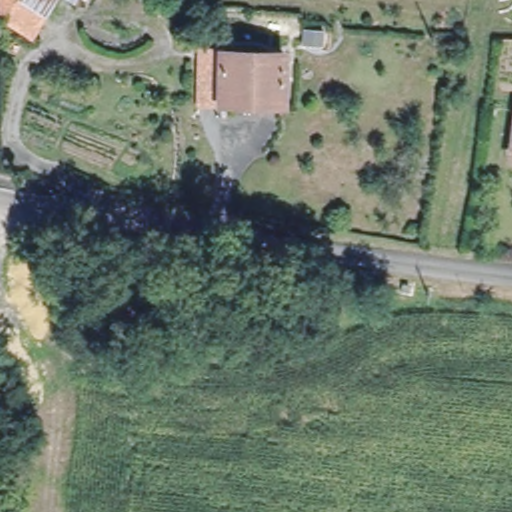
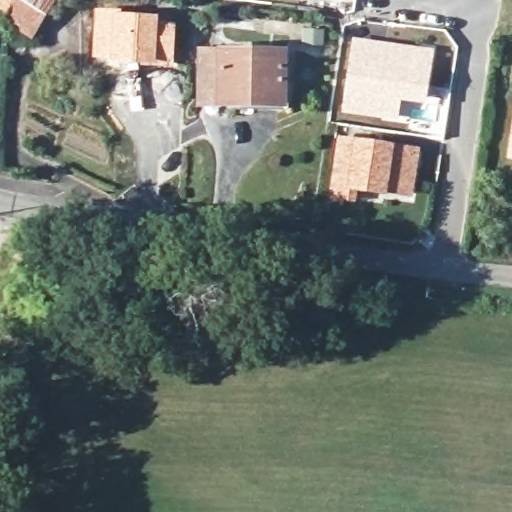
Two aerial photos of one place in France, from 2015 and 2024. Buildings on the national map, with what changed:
unchanged [(0,20),(0,0),(58,0),(33,40),(0,20)]
unchanged [(78,5),(69,0),(81,0),(78,5)]
unchanged [(86,1),(85,0),(86,0),(86,1)]
new [(302,2),(299,0),(303,0),(302,2)]
new [(95,8),(159,16),(159,20),(176,22),(173,66),(91,60),(95,8)]
new [(353,37),(435,48),(425,105),(402,101),(398,122),(340,113),(353,37)]
unchanged [(285,54),(284,105),(220,105),(221,53),(285,54)]
unchanged [(512,109),(512,158),(506,157),(512,109)]
new [(385,192),(355,188),(353,201),(333,198),(342,142),(416,152),(412,181),(410,196),(385,192)]
########
Skipping any images, write out all the data exactly.

*Worked solution*
Two aerial photos of one place in France, from 2015 and 2024. Buildings on the national map, with what changed:
unchanged [(0,20),(0,0),(58,0),(33,40),(0,20)]
unchanged [(78,5),(69,0),(81,0),(78,5)]
unchanged [(86,1),(85,0),(86,0),(86,1)]
new [(302,2),(299,0),(303,0),(302,2)]
new [(95,8),(159,16),(159,20),(176,22),(173,66),(91,60),(95,8)]
new [(353,37),(435,48),(425,105),(402,101),(398,122),(340,113),(353,37)]
unchanged [(285,54),(284,105),(220,105),(221,53),(285,54)]
unchanged [(512,109),(512,158),(506,157),(512,109)]
new [(385,192),(355,188),(353,201),(333,198),(342,142),(416,152),(412,181),(410,196),(385,192)]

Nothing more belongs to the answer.